Aquila Design – When designing Aquila, Facebook focused on three elements:
- Solar Power
Lasers will be used for the drones to communicate with each other, while the drones will communicate with the ground using radio signals. A ground station will transmit a radio Internet signal to a mother aircraft that will then feed other aircraft in the constellation using laser technology, with the drones sending radio Internet signals down to users on the ground. As the planes are intended to stay afloat for three months at a time, the entire outside shell is covered in solar panels. This ensures a constant connection to the internet. During the day, when they are fully charged, the planes will fly at an altitude of 90,000 feet. But at night, in order to conserve power, they’ll float down to about 60,000 feet, going back up again the following day. Using a variety of data sources, facebook can figure out where people are located physically, in order to then decide the most cost-effective way to bring them connectivity.
It is extremely difficult to draw a comparison between Google Loon and Facebook Aquila Drone as both of them are in their initial days and are prone to changes over the years before they perfect their designs. On the one hand, Google Loon project has already started providing its services in New Zealand and Sri Lanka, whereas Facebook Aquila Drone is still in development process. It is stipulated that Aquila will be able to take its first flight sometime before the end of this year. The main aim of both these projects is to make information available to as many people as possible. There are no strict timelines for any of these projects as both of these are still in their testing stages.

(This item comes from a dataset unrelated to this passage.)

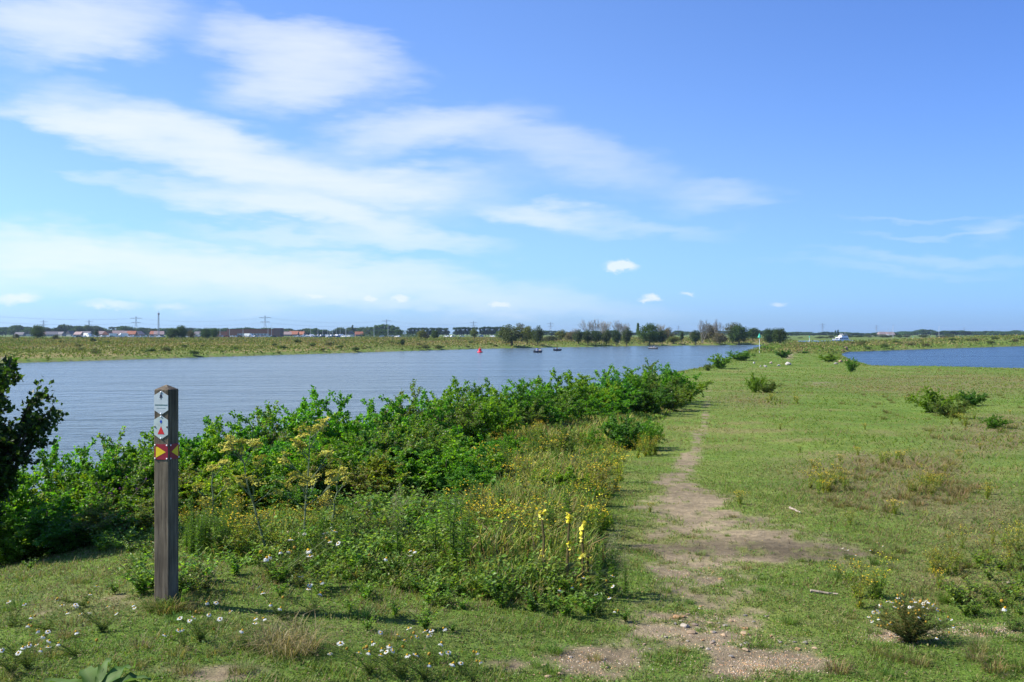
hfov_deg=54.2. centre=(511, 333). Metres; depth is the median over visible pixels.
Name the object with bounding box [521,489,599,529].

We have however prepared a rough comparison on the basis of the specifications of both the technologies.
|Features||Google’s Project Loon||Facebook’s Aquila|
|Design/ Material||The balloon consists of a Mylar envelope filled with Helium gas. Solar panels for power and antennas for beaming internet are also present.||Aquila drone is a carbon fiber solar-powered UAV.|
|Stage of Development||Already functioning.||Under development.|
|Functioning Duration||100+ days||1826+ days|
|Size||49 ft wide / 39 ft high||120 ft wingspan / 49.2 ft long|
|Payload||22 lbs||250 lbs|
|Altitude||60,000-90,000 ft||65,000 ft|
|Coverage||485 sq mi||1018 sq mi|
|End User Usability||Directly usable||Specialized Antenna required|
|Speed||2.4 and 5.8 GHz ISM bands and deliver speed comparable to 3G||4G like services at speed of 10 Gigabits per second|
These tech giants are investing heavily in their respective projects with an aim to provide connectivity to the unconnected parts of the world. However, they may also have to face both technical as well as regulatory hurdles in the countries they target to operate in. Both Facebook and Google have denied the idea of becoming service providers. When free Wi-Fi starts covering the globe in the coming years, traditional telecom service providers are bound to feel threatened as this could potentially wipe out the entire telecom industry. Something tells us the Telecom Industry is not going to let that happen so easily. Will ‘Internet for all’ be a reality and what reality would that be is still an answer troubling several academicians across the globe.